Tutorial – Deploying HSMs into an existing virtual network using PowerShell

The Azure Dedicated HSM Service provides a physical device for sole customer use, with complete administrative control and full management responsibility. Due to providing physical hardware, Microsoft must control how those devices are allocated to ensure capacity is managed effectively. As a result, within an Azure subscription, the Dedicated HSM service won't normally be visible for resource provisioning. Any Azure customer requiring access to the Dedicated HSM service, must first contact their Microsoft account executive to request registration for the Dedicated HSM service. Only once this process completes successfully will provisioning be possible. This tutorial aims to show a typical provisioning process where:

  • A customer has a virtual network already
  • They have a virtual machine
  • They need to add HSM resources into that existing environment.
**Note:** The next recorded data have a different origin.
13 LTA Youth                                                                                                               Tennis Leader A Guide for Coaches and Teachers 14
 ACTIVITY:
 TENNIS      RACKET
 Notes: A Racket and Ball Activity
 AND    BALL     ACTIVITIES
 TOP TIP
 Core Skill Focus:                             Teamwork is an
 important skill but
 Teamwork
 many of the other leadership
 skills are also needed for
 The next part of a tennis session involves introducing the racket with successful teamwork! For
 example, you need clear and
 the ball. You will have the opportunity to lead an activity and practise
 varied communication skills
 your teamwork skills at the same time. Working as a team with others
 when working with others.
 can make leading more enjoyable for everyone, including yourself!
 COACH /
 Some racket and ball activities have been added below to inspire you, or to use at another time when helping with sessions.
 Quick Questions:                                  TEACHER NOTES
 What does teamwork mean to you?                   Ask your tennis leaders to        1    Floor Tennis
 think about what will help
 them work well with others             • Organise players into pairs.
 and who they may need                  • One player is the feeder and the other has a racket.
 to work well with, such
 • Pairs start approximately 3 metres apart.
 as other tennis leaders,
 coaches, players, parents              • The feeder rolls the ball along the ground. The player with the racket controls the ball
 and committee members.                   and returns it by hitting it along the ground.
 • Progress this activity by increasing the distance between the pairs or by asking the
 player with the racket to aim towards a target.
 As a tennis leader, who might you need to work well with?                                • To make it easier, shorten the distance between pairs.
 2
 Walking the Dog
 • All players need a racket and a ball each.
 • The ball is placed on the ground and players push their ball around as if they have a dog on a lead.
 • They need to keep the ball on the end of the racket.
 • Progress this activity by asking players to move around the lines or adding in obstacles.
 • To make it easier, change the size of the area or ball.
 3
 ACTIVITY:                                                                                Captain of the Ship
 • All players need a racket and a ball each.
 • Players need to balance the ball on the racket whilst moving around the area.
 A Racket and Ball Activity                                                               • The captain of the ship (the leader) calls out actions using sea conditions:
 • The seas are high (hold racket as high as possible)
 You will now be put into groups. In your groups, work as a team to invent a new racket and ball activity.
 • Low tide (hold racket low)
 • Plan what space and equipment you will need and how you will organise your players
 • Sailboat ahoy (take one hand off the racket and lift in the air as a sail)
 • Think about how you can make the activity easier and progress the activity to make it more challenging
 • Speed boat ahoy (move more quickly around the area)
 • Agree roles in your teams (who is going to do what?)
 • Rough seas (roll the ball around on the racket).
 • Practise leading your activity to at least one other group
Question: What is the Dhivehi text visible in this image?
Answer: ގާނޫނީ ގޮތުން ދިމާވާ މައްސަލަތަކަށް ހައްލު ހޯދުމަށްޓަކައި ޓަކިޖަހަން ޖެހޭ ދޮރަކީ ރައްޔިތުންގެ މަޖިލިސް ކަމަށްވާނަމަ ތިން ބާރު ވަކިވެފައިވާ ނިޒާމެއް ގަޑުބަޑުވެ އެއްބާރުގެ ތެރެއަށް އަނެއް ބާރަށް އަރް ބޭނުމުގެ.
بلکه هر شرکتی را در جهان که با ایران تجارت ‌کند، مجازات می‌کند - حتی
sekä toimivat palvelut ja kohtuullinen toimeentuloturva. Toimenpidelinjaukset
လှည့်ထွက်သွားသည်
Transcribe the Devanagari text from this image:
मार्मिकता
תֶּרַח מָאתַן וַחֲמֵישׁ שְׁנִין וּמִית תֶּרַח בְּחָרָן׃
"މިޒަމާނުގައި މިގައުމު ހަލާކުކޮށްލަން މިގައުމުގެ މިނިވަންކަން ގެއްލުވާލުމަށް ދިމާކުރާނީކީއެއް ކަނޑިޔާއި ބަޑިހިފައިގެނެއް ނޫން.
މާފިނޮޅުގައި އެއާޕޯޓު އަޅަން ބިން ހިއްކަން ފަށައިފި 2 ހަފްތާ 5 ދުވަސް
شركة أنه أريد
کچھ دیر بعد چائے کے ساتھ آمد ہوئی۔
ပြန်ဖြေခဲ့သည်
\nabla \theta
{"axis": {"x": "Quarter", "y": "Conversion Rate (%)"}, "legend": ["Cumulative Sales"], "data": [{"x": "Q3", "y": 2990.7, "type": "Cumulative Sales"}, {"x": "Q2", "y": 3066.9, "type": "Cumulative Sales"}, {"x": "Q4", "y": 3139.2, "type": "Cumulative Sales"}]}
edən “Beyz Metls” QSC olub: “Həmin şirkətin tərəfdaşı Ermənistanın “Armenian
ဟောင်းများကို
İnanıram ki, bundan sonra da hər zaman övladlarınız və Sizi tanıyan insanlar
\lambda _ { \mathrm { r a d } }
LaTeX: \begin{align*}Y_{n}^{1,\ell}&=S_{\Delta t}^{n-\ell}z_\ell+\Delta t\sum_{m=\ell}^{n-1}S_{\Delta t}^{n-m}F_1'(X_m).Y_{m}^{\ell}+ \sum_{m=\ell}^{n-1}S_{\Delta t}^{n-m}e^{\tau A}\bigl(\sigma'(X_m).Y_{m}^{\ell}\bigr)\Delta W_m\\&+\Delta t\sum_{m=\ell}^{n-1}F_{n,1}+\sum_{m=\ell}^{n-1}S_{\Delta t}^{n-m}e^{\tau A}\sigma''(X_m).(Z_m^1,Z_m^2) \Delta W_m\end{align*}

A typical, high availability, multi-region deployment architecture may look as follows:

multi region deployment

This tutorial focuses on a pair of HSMs and the required ExpressRoute gateway (see Subnet 1 above) being integrated into an existing virtual network (see VNET 1 above). All other resources are standard Azure resources. The same integration process can be used for HSMs in subnet 4 on VNET 3 above.

Note

We recommend that you use the Azure Az PowerShell module to interact with Azure. See Install Azure PowerShell to get started. To learn how to migrate to the Az PowerShell module, see Migrate Azure PowerShell from AzureRM to Az.

Prerequisites

Azure Dedicated HSM is not currently available in the Azure portal, therefore all interaction with the service will be via command-line or using PowerShell. This tutorial will use PowerShell in the Azure Cloud Shell. If you're new to PowerShell, follow getting started instructions here: Azure PowerShell Get Started.

Assumptions:

  • You have an assigned Microsoft Account Manager and meet the monetary requirement of five million ($5M) USD or greater in overall committed Azure revenue annually to qualify for onboarding and use of Azure Dedicated HSM.
  • You have been through the Azure Dedicated HSM registration process and been approved for use of the service. If not, then contact your Microsoft account representative for details.
  • You have created a Resource Group for these resources and the new ones deployed in this tutorial will join that group.
  • You have already created the necessary virtual network, subnet, and virtual machines as per the diagram above and now want to integrate 2 HSMs into that deployment.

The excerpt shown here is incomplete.